[DATA SUPPLIED — start]

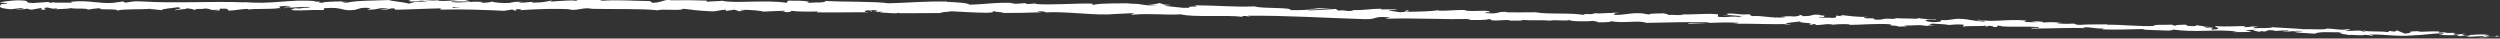 <?xml version="1.0" encoding="UTF-8" standalone="no"?>
<!DOCTYPE svg PUBLIC "-//W3C//DTD SVG 1.1//EN" "http://www.w3.org/Graphics/SVG/1.1/DTD/svg11.dtd">
<svg width="100%" height="100%" viewBox="0 0 5062 78" version="1.1" xmlns="http://www.w3.org/2000/svg" xmlns:xlink="http://www.w3.org/1999/xlink" xml:space="preserve" xmlns:serif="http://www.serif.com/" style="fill-rule:evenodd;clip-rule:evenodd;stroke-linejoin:round;stroke-miterlimit:2;">
    <rect x="0" y="0" width="5062" height="78" fill="#333333" stroke="none"/>
    <g transform="matrix(1,0,0,1,-5726.46,-57066.6)">
        <g transform="matrix(8.333,0,0,8.333,0,0)">
            <g transform="matrix(1,0,0,1,789.345,6857.08)">
                <path d="M0,-8.844C0.738,-8.882 0.985,-8.826 1.086,-8.768C0.738,-8.76 0.331,-8.75 -0.205,-8.738C-0.227,-8.729 -0.269,-8.712 -0.292,-8.703C-0.222,-8.757 -0.141,-8.807 0,-8.844M9.861,-6.87C9.293,-6.875 8.586,-6.881 7.838,-6.887C7.674,-6.984 7.852,-7.083 8.321,-7.077C8.066,-7.013 9.165,-6.954 9.861,-6.87M5.197,-6.878L5.197,-6.872C4.719,-6.867 4.311,-6.863 4.051,-6.86C4.29,-6.864 4.62,-6.868 5.197,-6.878M-50.304,-6.125C-47.927,-6.114 -49.187,-6.485 -48.683,-6.697C-45.847,-6.797 -47.371,-6.423 -46.406,-6.232C-44.634,-6.327 -43.276,-6.665 -41.956,-6.649C-41.857,-6.588 -41.6,-6.566 -41.901,-6.49C-40.029,-6.781 -36.343,-6.496 -34.162,-6.863C-34,-6.829 -33.918,-6.798 -33.877,-6.77C-34.23,-6.956 -34.284,-7.144 -34.211,-7.278C-33.146,-7.282 -32.234,-7.508 -31.833,-7.267C-32.487,-7.275 -32.541,-7.177 -32.847,-7.102L-31.73,-7.205C-30.726,-6.857 -33.254,-7.087 -33.255,-6.83C-31.078,-6.941 -28.541,-7.225 -26.874,-7.124C-26.525,-6.784 -30.774,-7.015 -28.548,-6.71L-31.129,-6.843C-29.158,-6.305 -32.697,-6.883 -30.886,-6.307C-27.49,-6.204 -27.087,-6.475 -23.7,-6.371C-22.937,-6.559 -23.952,-6.651 -23.188,-6.839C-18.373,-7.171 -19.4,-5.98 -15.859,-6.427C-14.942,-6.653 -14.586,-7.081 -12.066,-6.851L-12.926,-6.468C-9.638,-6.426 -11.048,-7.018 -7.605,-6.751C-8.217,-6.602 -10.189,-6.63 -9.692,-6.583C-7.462,-6.275 -8.114,-6.797 -6.399,-6.793L-6.044,-6.452C-2.544,-6.496 1.312,-6.732 5.189,-6.784C4.975,-6.684 4.31,-6.579 5.217,-6.473C10.107,-6.63 15.655,-6.405 20.371,-6.191L22.173,-6.48C22.592,-6.475 22.95,-6.345 22.496,-6.289C24.334,-6.173 22.592,-6.475 23.476,-6.588C24.521,-6.606 24.857,-6.415 24.194,-6.329C27.438,-6.573 33.435,-6.837 36.851,-6.507L36.185,-6.423C38.845,-6.292 39.19,-7.012 41.657,-6.728L41.184,-6.678C46.958,-6.528 53.343,-6.77 57.748,-6.309C58.587,-6.728 63.463,-6.097 63.837,-6.685C67.133,-6.38 66.188,-6.278 70.832,-6.055C72.072,-6.02 72.683,-6.411 74.217,-6.464L74.252,-6.156L76.336,-6.467L77.442,-6.092L78.881,-6.162C78.308,-6.184 77.664,-6.308 77.751,-6.396C80,-6.523 83.228,-6.15 83.282,-5.99L88.599,-6.22C88.48,-6.097 87.59,-6.06 86.886,-5.985C89.725,-6.282 87.399,-5.657 90.001,-5.93C89.653,-6.002 90.19,-6.113 90.25,-6.174C91.545,-5.981 94.495,-5.961 96.679,-6.028L96.258,-5.818C100.201,-5.743 104.571,-5.864 108.996,-5.824C107.409,-5.936 107.776,-6.301 109.075,-6.326L109.591,-5.996C110.43,-6.192 108.236,-6.13 109.958,-6.363C111.611,-6.312 111.067,-5.984 110.117,-5.885L112.127,-5.983C112.245,-5.884 111.773,-5.836 111.649,-5.713C112.475,-5.909 115.115,-5.359 116.308,-5.701L116.42,-5.603C120.843,-5.566 122.851,-5.661 126.454,-5.65C126.527,-5.93 127.935,-5.857 129.011,-6.075C131.658,-5.964 134.595,-5.722 137.786,-5.711C140.029,-5.828 138.443,-5.943 139.453,-6.099C139.615,-5.841 142.802,-5.833 141.147,-5.666C144.977,-5.669 146.039,-5.667 150.883,-5.826C150.359,-5.937 149.768,-5.989 150.075,-6.073C150.955,-6.106 152.074,-5.945 151.946,-5.823L151.714,-5.799C157.154,-6.126 164.252,-4.931 168.586,-5.41L168.343,-5.387L172.835,-5.61C174.9,-5.54 171.594,-5.433 173.121,-5.255C177.968,-5.622 180.77,-5.099 184.761,-5.334C187.838,-4.539 195.714,-5.257 199.874,-4.714L199.636,-4.896C200.715,-5.055 200.937,-4.776 201.73,-4.723C201.619,-4.863 200.564,-4.9 201.234,-4.987C210.358,-5.07 220.057,-4.455 229.405,-4.159C232.824,-4.057 231.36,-5.048 235.665,-4.554L234.436,-4.243C241.344,-4.527 248.548,-3.999 255.311,-4.225C254.906,-4.156 254.893,-4.057 254.234,-4.069C255.657,-3.806 259.511,-3.971 259.539,-4.166C260.59,-4.127 259.779,-3.986 260.426,-3.875C261.855,-3.711 264.024,-4.12 264.781,-3.868C264.909,-3.827 264.377,-3.797 264.115,-3.783C265.05,-3.883 268.46,-3.676 267.572,-3.969C270.106,-3.791 272.425,-4.005 274.445,-3.805C275.77,-4.091 278.783,-3.578 279.21,-4.009C279.02,-3.56 283.649,-3.565 285.256,-3.748C284.717,-3.621 286.648,-3.582 286.016,-3.405C287.846,-3.378 289.524,-3.432 289.209,-3.67C292.571,-3.068 295.993,-3.986 297.878,-3.255C303.318,-3.395 308.352,-3.463 313.243,-3.476C313.058,-3.029 307.837,-3.533 308.038,-3.057C312.68,-3.154 315.363,-3.49 319.96,-3.293C321.15,-3.208 319.281,-3.111 318.877,-3.041C323.514,-3.138 327.836,-2.829 331.964,-2.996C331.952,-2.954 331.506,-2.917 331.085,-2.891C331.898,-2.89 332.974,-2.788 332.886,-2.995L332.093,-2.954C330.801,-3.278 335.332,-3.513 335.48,-3.666C334.09,-3.107 339.55,-3.438 337.345,-2.74C337.88,-2.767 338.553,-2.851 338.434,-2.99C339.226,-2.935 339.477,-2.85 338.668,-2.709C341.582,-2.763 340.552,-3.002 343.189,-2.945C343.177,-2.846 342.645,-2.818 342.37,-2.706C343.708,-2.873 345.054,-3.04 347.281,-2.912C347.146,-2.855 347.403,-2.772 346.738,-2.786C350.566,-2.74 353.272,-3.172 357.467,-2.902C356.22,-2.494 358.893,-2.731 359.107,-2.353L361.368,-2.419L360.465,-2.618C362.443,-2.573 364.196,-2.81 365.894,-2.654L364.421,-2.53L368.129,-2.527L366.034,-2.709C368.039,-2.862 365.829,-3.186 368.459,-3.03C367.924,-3.002 370.438,-2.986 371.464,-2.745L371.458,-2.744C372.438,-2.844 373.448,-2.948 374.908,-2.825C375.286,-2.698 374.594,-2.419 374.84,-2.335C375.812,-2.627 379.474,-2.326 380.703,-2.634C380.293,-2.564 380.268,-2.368 380.401,-2.325L381.217,-2.563C382.131,-2.463 382.265,-2.421 382.113,-2.268C384.868,-2.165 381.247,-2.759 384.514,-2.489C384.256,-2.473 384.378,-2.433 383.843,-2.406C387.126,-2.232 390.193,-2.436 393.209,-2.249C394.092,-1.856 390.57,-2.211 391.583,-1.874C395.937,-1.853 400.604,-2.14 404.814,-1.965L404.03,-2.023C404.625,-2.541 407.162,-1.697 409.296,-1.903C408.774,-1.874 408.607,-1.622 408.749,-1.679C411.631,-1.534 414.648,-1.689 419.022,-1.765L418.478,-1.64C420.175,-1.484 422.953,-1.477 424.788,-1.377C425.335,-1.502 426.385,-1.458 425.751,-1.669C431.397,-0.777 436.559,-1.862 441.569,-1.112C440.968,-1.122 440.135,-1.022 440.613,-1.011L444.894,-1.048C444.561,-1.286 444.336,-1.199 443.441,-1.399C443.985,-1.524 445.195,-1.606 446.255,-1.583C444.328,-1.47 446.265,-1.212 447.093,-1.066C446.955,-1.14 447.242,-1.212 447.172,-1.285C449.399,-0.828 447.557,-1.742 450.603,-1.403L450.438,-1.284C451.582,-1.323 452.637,-1.461 453.869,-1.401C454.374,-1.123 452.65,-1.302 452.567,-1.083C454.297,-1.063 455.991,-1.519 457.551,-1.22C456.815,-1.16 455.758,-1.182 455.022,-1.122C456.721,-0.774 456.92,-0.849 458.186,-0.774L458.061,-0.782L460.987,-0.58L460.243,-0.681C462.422,-1.332 464.653,-0.717 467.579,-1.113C464.736,-0.74 467.105,-0.872 466.882,-0.574C467.625,-0.475 468.755,-0.357 468.431,-0.279C469.814,-0.494 470.728,-0.038 472.68,-0.355C472.765,-0.256 474.154,-0.315 473.838,-0.076C475.632,-0.116 473.418,-0.255 473.571,-0.374C476.34,-0.65 480.055,0.164 484.038,-0.21C487.468,-0.327 488.108,-0.643 491.291,-0.741C492.361,-0.563 490.405,-0.405 490.405,-0.405C492.133,-0.225 493.436,-0.224 495.069,-0.302C494.737,-0.224 495.076,-0.145 495.571,-0.025C496.88,-0.023 496.454,-0.362 498.177,-0.182C497.879,-0.079 497.495,0.087 496.862,0.182C498.406,0.125 499.934,-0.026 501.533,-0.08C501.953,0.098 500.563,0.157 499.998,0.257C501.794,0.218 504.652,0.199 505.211,-0.059L504.062,-0.178C504.716,-0.178 504.394,0.059 503.91,0.098C502.368,0.278 501.694,-0.04 501.609,-0.14L502.748,-0.179C501.591,-0.776 498.177,-0.182 495.889,-0.263L496.852,-0.658L494.496,-0.363C493.999,-0.481 493.662,-0.72 494.794,-0.759C493.157,-0.998 493.338,-0.642 491.932,-0.9C491.778,-0.939 491.849,-0.957 491.993,-0.971L490.386,-0.88C490.703,-0.961 490.126,-1.179 491.11,-1.099C488.236,-1.399 486.461,-0.883 485.384,-1.221L485.625,-1.241C481.629,-1.184 485.233,-0.944 482.23,-0.648L480.229,-1.443L479.831,-1.146C479.418,-1.165 478.604,-1.205 478.757,-1.323C477.219,-1.147 479.016,-1.186 478.122,-1.007C476.145,-1.326 472.651,-0.99 472.214,-1.486C471.498,-1.269 474.107,-1.268 471.986,-1.15C471.393,-1.686 469.537,-1.112 467.73,-1.389C468.292,-1.647 470.005,-1.469 468.198,-1.747C467.095,-1.314 464.672,-1.92 463.142,-1.865C463.062,-1.503 459.816,-1.782 457.249,-1.714C457.414,-1.832 452.428,-2.013 450.045,-2.194L450.117,-2.253C449.647,-1.896 447.188,-2.016 445.395,-1.978C445.47,-2.196 445.794,-2.276 446.766,-2.354L445.082,-2.387C444.682,-2.278 444.156,-2.227 443.062,-2.207L443.492,-2.473C441.25,-2.504 438.97,-2.243 436.089,-2.486C435.922,-2.234 438.369,-1.726 435.315,-1.617C435.205,-1.759 435.097,-1.997 435.896,-2.038C435.635,-2.025 434.962,-1.943 434.436,-2.012L435.66,-2.22C434.348,-2.349 434.968,-2.039 433.918,-2.083C433.943,-2.28 433.144,-2.24 433.298,-2.394C433.567,-2.407 434.212,-2.293 434.617,-2.362C433.433,-2.422 432.003,-2.569 431.534,-2.728C431.634,-2.614 431.528,-2.462 430.661,-2.454C428.418,-2.487 429.898,-2.707 428.592,-2.836C428.046,-2.71 426.62,-2.882 426.576,-2.588C425.919,-2.603 425.801,-2.743 425.549,-2.828C424.387,-2.722 420.129,-2.904 421.431,-2.562L421.728,-2.535C421.672,-2.532 421.606,-2.53 421.538,-2.527L421.547,-2.527L421.538,-2.527C417.729,-2.312 413.641,-2.857 409.866,-2.807L409.874,-2.907C407.619,-2.839 404.859,-2.942 403.246,-2.763C402.58,-2.777 401.677,-2.975 401.965,-3.086C400.241,-3.048 400.046,-2.941 397.562,-3.155C399.297,-3.291 396.968,-3.32 399.339,-3.244C397.104,-3.375 396.6,-3.544 394.192,-3.323C395.015,-3.559 392.515,-3.676 391.45,-3.622L393.013,-3.409C391.817,-3.397 390.772,-3.441 389.71,-3.484L390.292,-3.805C385.721,-4.303 382.021,-3.285 378.549,-4.033C377.333,-3.825 381.033,-3.819 379.944,-3.569C377.839,-3.657 375.655,-4.179 374.995,-4.194C372.114,-4.438 372.293,-3.763 369.277,-3.948C369.661,-3.823 370.019,-3.498 367.761,-3.432C365.654,-3.518 365.181,-3.982 366.513,-4.05C367.019,-4.05 367.262,-4.007 367.24,-3.967C367.921,-3.997 368.816,-4.031 367.984,-4.175L367.708,-4.062C366.665,-4.204 363.765,-4.249 364.45,-4.43C362.855,-4.349 363.765,-4.249 364.944,-4.164C362.244,-4.39 360.721,-4.253 357.941,-4.424C358.382,-4.35 358.787,-4.202 358.346,-4.213C354.268,-4.441 356.545,-4.024 353.778,-4.027C352.211,-4.239 354.35,-4.448 351.563,-4.351C349.866,-4.507 351.21,-4.673 351.887,-4.756C349.347,-4.578 347.152,-5.001 345.705,-5.072L347.042,-5.141C346.242,-5.1 345.588,-5.115 344.921,-5.128L345.68,-4.876C344.896,-4.933 344.232,-4.948 344.249,-5.046C343.437,-4.906 344.86,-4.639 343.251,-4.458C342.208,-4.6 340.065,-4.392 339.709,-4.714C342.997,-4.542 339.353,-5.037 342.137,-5.033C341.6,-5.006 340.945,-5.021 340.159,-5.078C340.042,-5.115 340.271,-5.141 340.486,-5.155C337.345,-5.499 339.033,-4.827 335.771,-4.9C336.189,-5.07 335.022,-5.251 334.489,-5.225C335.803,-5.195 335.112,-4.916 333.904,-4.804C331.815,-4.983 331.629,-4.744 330.534,-4.782L331.783,-4.694C331.356,-4.524 330.311,-4.567 328.852,-4.539C328.73,-4.68 330.177,-4.609 329.658,-4.68C328.034,-4.399 326.007,-5.073 323.747,-4.906C322.703,-5.045 323.651,-5.24 322.735,-5.34C320.201,-5.157 320,-5.635 317.337,-5.495C318.099,-5.242 318.234,-5.298 316.358,-5.102L320.732,-5.186L317.92,-4.893C319.239,-4.865 320.707,-4.99 321.496,-4.934C320.156,-4.765 320.294,-4.822 320.922,-4.612C319.124,-5.004 317.339,-4.471 315.258,-4.753L315.333,-5.342C312.201,-5.665 309.753,-5.146 305.684,-5.371L306.991,-5.244C306.44,-5.02 304.475,-5.259 303.154,-5.19C303.281,-5.384 302.458,-5.472 301.897,-5.606C301.962,-5.457 298.916,-5.676 298.539,-5.288L296.725,-5.583C293.438,-5.748 292.961,-5.088 289.801,-5.212C290.757,-5.409 289.323,-5.574 291.443,-5.691C290.388,-5.711 289.439,-5.764 289.42,-5.628C288.806,-5.763 286.488,-5.414 285.521,-5.619C285.075,-5.54 284.925,-5.336 283.741,-5.374C283.612,-5.416 283.747,-5.471 283.747,-5.471C283.741,-5.374 281.889,-5.371 282.921,-5.135C279.681,-5.809 273.832,-5.252 271.01,-5.832C268.706,-5.807 265.929,-5.793 263.837,-5.816C263.972,-5.872 263.846,-5.914 264.241,-5.887C261.359,-6.122 262.458,-5.351 259.178,-5.611C257.506,-5.957 260.924,-5.754 259.881,-5.893C259.437,-6.549 255.917,-5.868 253.714,-6.283L254.25,-6.313C252.565,-6.562 250.125,-6.134 247.367,-6.226C247.367,-6.226 247.502,-6.281 247.385,-6.323C245.493,-6.023 241.919,-5.972 239.263,-5.923C240.093,-6.163 240.471,-6.038 239.971,-6.304C238.781,-6.287 240.313,-5.884 237.937,-5.851C237.167,-6.002 235.456,-6.152 235.233,-6.431L237.474,-6.409C236.332,-6.784 234.574,-6.445 233.394,-6.526L233.547,-6.679C230.113,-6.685 230.06,-6.294 226.37,-6.374L226.75,-6.251C224.728,-5.891 225.062,-6.494 223.046,-6.234L222.444,-6.638C221.112,-6.562 217.778,-6.323 215.39,-6.283C216.747,-6.557 219.541,-6.666 221.271,-6.815C219.952,-6.837 216.789,-6.851 216.099,-6.665C216.63,-6.697 217.302,-6.783 217.826,-6.715C216.203,-6.428 214.072,-6.306 211.444,-6.351C211.92,-7.11 204.596,-6.643 202.698,-7.264C198.044,-7.053 193.476,-7.509 188.058,-7.531C189.971,-6.911 186.476,-7.533 186.801,-6.918C185.539,-6.894 185.058,-6.91 184.946,-6.951L181.126,-7.364C180.222,-7.553 182.328,-7.484 182.214,-7.622C179.452,-7.703 181.058,-7.896 179.232,-8.08C179.604,-7.858 178.267,-7.78 176.694,-7.882L178.908,-7.573C175.043,-7.295 175.577,-8.127 171.682,-7.853L172.915,-8.03C170.917,-7.941 165.548,-8.127 163.585,-7.652C163.232,-7.726 162.768,-7.898 163.647,-7.933C158.875,-8.055 153.018,-7.518 149.312,-7.858L149.676,-8.004C148.785,-7.97 148.123,-7.739 147.01,-7.901C147.068,-7.961 147.37,-8.046 146.958,-8.059C146.486,-8.012 144.59,-7.821 143.411,-7.92L144.421,-8.078C139.768,-8.32 137.273,-7.742 133.369,-7.676C133.382,-8.115 129.721,-8.287 127.893,-8.373L127.958,-8.436C122.537,-8.532 118.747,-8.144 113.726,-8.011C110.613,-8.51 103.172,-8.3 98.166,-8.596C98.931,-8.511 98.039,-8.253 97.148,-8.215C95.974,-8.311 93.898,-7.928 94.086,-8.331L94.505,-8.321C93.623,-8.722 91.207,-8.631 89.321,-8.653L89.006,-8.126C84.079,-8.924 76.081,-7.92 73.392,-8.624C72.202,-8.499 70.727,-8.51 69.546,-8.385L69.611,-8.667C66.313,-8.761 64.667,-8.801 60.59,-8.75L61.422,-8.949C59.123,-8.977 58.515,-8.145 56.394,-8.137L55.758,-8.562C51.746,-8.572 47.687,-8.959 43.722,-8.593C43.787,-8.655 43.905,-8.776 44.555,-8.79C42.667,-8.809 37.251,-9.107 37.935,-8.524C37.89,-8.902 33.796,-8.577 31.629,-8.419L31.967,-8.697C30.137,-8.348 30.079,-8.253 27.525,-8.16C26.92,-8.198 26.996,-8.385 27.799,-8.311C25.783,-8.462 26.227,-8.051 23.783,-8.206L24.694,-8.382C22.62,-8.408 22.784,-8.313 21.641,-8.108C20.336,-7.999 17.706,-8.189 17.4,-8.442C17.12,-8.288 15.983,-8.086 14.76,-8.161C14.596,-8.257 15.041,-8.316 15.265,-8.343C11.796,-8.542 10.106,-8.032 7.721,-8.313C7.671,-8.405 7.516,-8.451 7.318,-8.48C10.074,-8.466 12.293,-8.446 12.086,-8.425C12.086,-8.682 9.86,-8.733 11.632,-9.083C9.845,-8.894 6.788,-8.482 4.618,-8.608C4.513,-8.633 4.411,-8.657 4.332,-8.698L4.556,-8.726C4.056,-8.752 3.607,-8.73 3.185,-8.688C2.492,-8.732 2.052,-8.764 1.387,-8.77C1.131,-8.983 -1.165,-8.891 -2.275,-8.904C-2.184,-8.622 -3.637,-8.671 -2.276,-8.436C-2.453,-8.456 -2.066,-8.469 -1.328,-8.479C-1.162,-8.487 -0.965,-8.49 -0.855,-8.506C-0.876,-8.499 -0.903,-8.491 -0.931,-8.482C-0.202,-8.485 0.749,-8.49 1.829,-8.493C0.952,-8.353 0.035,-8.236 -1.192,-8.395C-1.763,-8.215 -2.39,-8.032 -2.743,-7.945C-4.261,-8.341 -7.189,-8.561 -7.596,-8.803C-10.986,-8.657 -15.582,-8.712 -17.713,-8.189C-18.677,-8.121 -18.821,-8.341 -19.181,-8.425C-18.625,-8.477 -17.963,-8.468 -17.662,-8.543C-19.588,-8.41 -23.371,-8.498 -23.831,-8.13C-26.26,-8.3 -22.466,-8.468 -25.803,-8.412L-25.352,-8.525C-31.917,-9.122 -36.026,-7.597 -43.304,-8.364C-42.799,-8.317 -42.547,-8.294 -42.444,-8.233C-50.742,-8.58 -59.544,-7.94 -67.731,-8.47C-70.059,-8.577 -70.311,-8.342 -71.732,-8.163L-72.236,-8.465L-74.665,-8.118C-78.108,-7.865 -80.628,-8.862 -84.988,-8.38L-84.425,-8.177C-85.992,-8.216 -89.386,-8.059 -89.124,-8.293C-89.285,-8.256 -89.638,-8.081 -90.25,-8.188L-90.297,-8.346L-94.144,-8.076C-97.125,-8.192 -93.677,-8.703 -98.029,-8.736C-99.646,-8.676 -102.634,-8.278 -102.027,-8.172C-101.375,-8.163 -100.359,-8.073 -100.311,-7.914L-101.79,-7.832C-102.058,-7.367 -103.196,-6.891 -99.564,-6.564L-97.034,-6.848L-96.219,-6.621L-98.348,-6.609C-97.14,-6.396 -96.375,-6.583 -95.517,-6.712C-95.314,-6.591 -94.958,-6.507 -94.457,-6.462L-91.972,-6.907C-91.671,-6.724 -93.086,-6.545 -91.419,-6.444C-90.255,-6.65 -92.535,-6.853 -90.609,-6.988C-89.398,-6.776 -89.751,-6.604 -88.331,-6.783C-88.131,-6.663 -88.432,-6.587 -88.995,-6.534C-87.73,-6.678 -85.648,-6.594 -84.995,-6.842C-83.734,-6.58 -80.725,-6.907 -80.85,-6.467C-80.453,-6.573 -78.622,-6.813 -77.46,-6.83C-79.583,-6.303 -73.112,-6.797 -73.673,-6.232C-72.103,-6.706 -68,-6.441 -65.217,-6.702C-65.373,-6.665 -65.679,-6.589 -65.924,-6.614C-64.358,-6.573 -63.903,-6.43 -62.897,-6.34C-62.696,-6.732 -60.257,-6.821 -58.942,-7.062C-57.023,-6.683 -60.108,-6.602 -59.506,-6.239C-59.602,-6.556 -56.17,-6.554 -56.823,-6.819C-55.355,-6.584 -55.559,-6.705 -54.803,-6.38C-54.545,-6.87 -53.436,-6.462 -52.218,-6.761C-50.094,-6.517 -51.671,-6.301 -49.338,-6.447C-48.228,-6.295 -50.304,-6.125 -50.304,-6.125" style="fill:white;fill-rule:nonzero;"/>
            </g>
        </g>
    </g>
</svg>

[DATA SUPPLIED — finish]

▶ TASK DESCRIPTION
Only a number is wanted here: how many lines of the records above include the string "matrix"?

▶ SOLUTION FOR THIS EXERCISE
3